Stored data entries
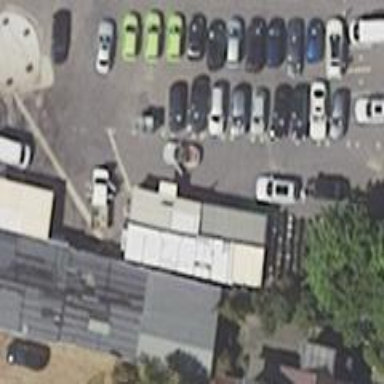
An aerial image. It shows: Car shop building.
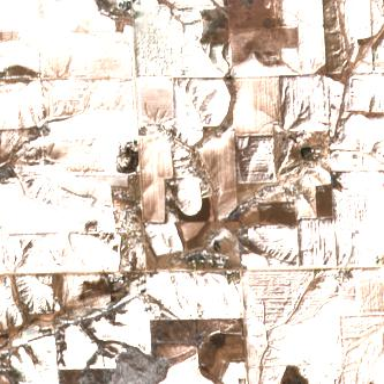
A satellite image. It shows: Picturesque farmland scene.
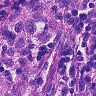
Metastatic tissue present: no
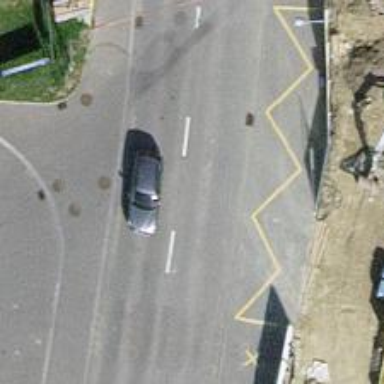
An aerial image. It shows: Secondary road with asphalt surface.
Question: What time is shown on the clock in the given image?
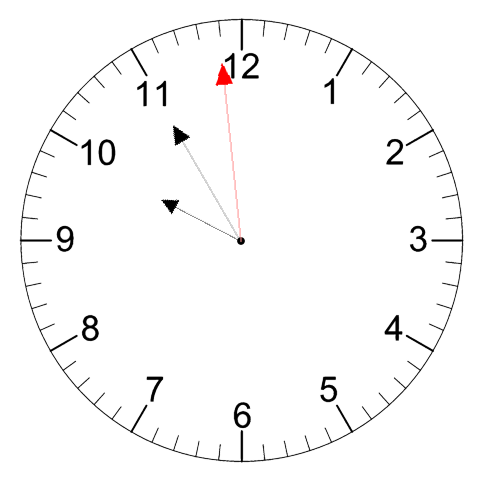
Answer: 09:54:59
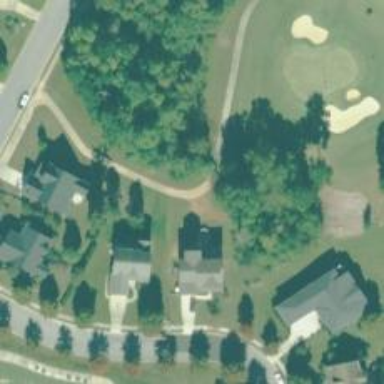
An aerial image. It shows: Path used for both walking and golf.
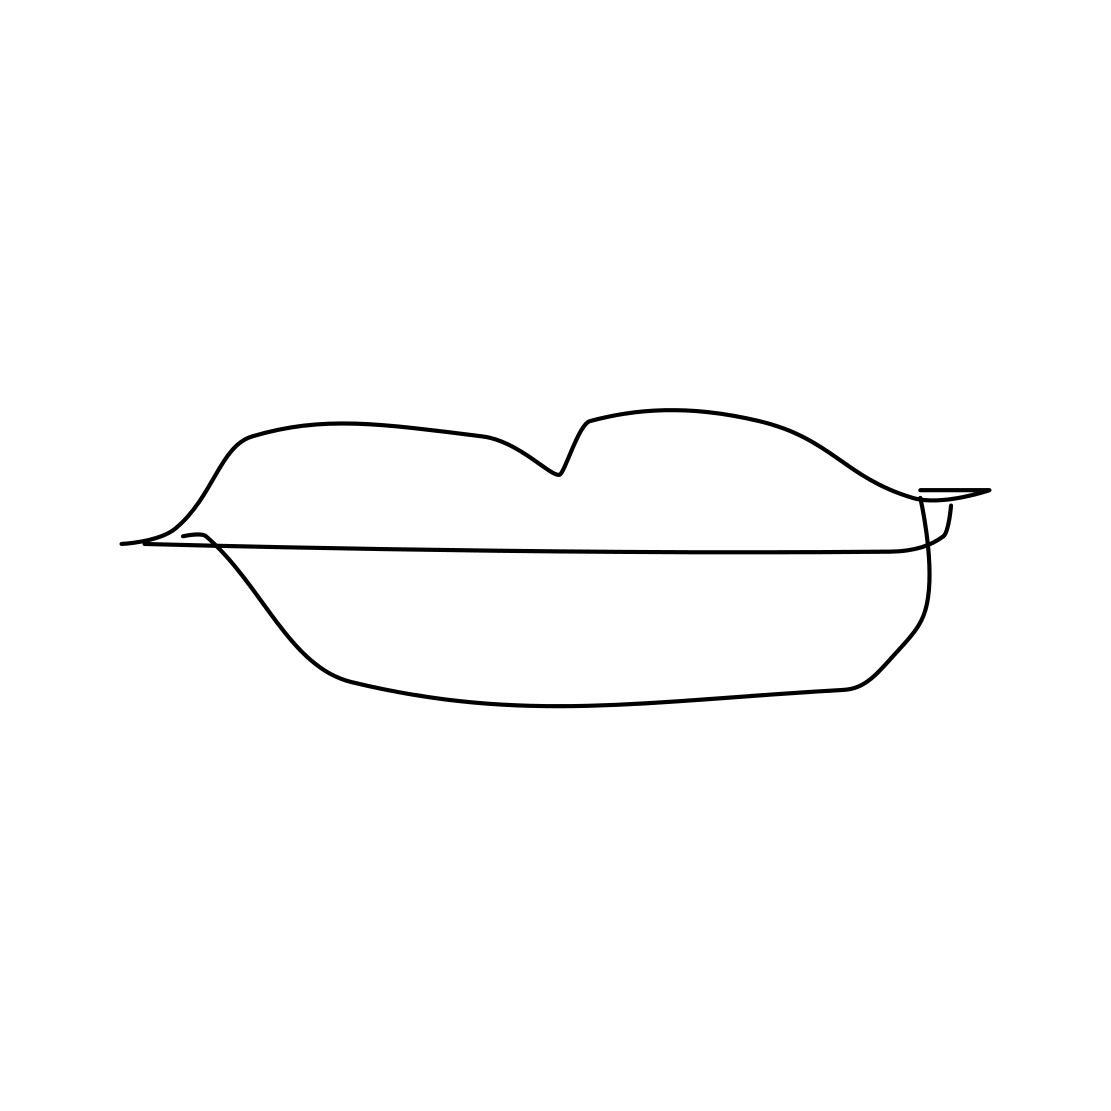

* [EXERCISE AIM] Show the lines in the entries above that include the string "aerial".

* [ANSWER SPACE]
An aerial image. It shows: Car shop building.
An aerial image. It shows: Secondary road with asphalt surface.
An aerial image. It shows: Path used for both walking and golf.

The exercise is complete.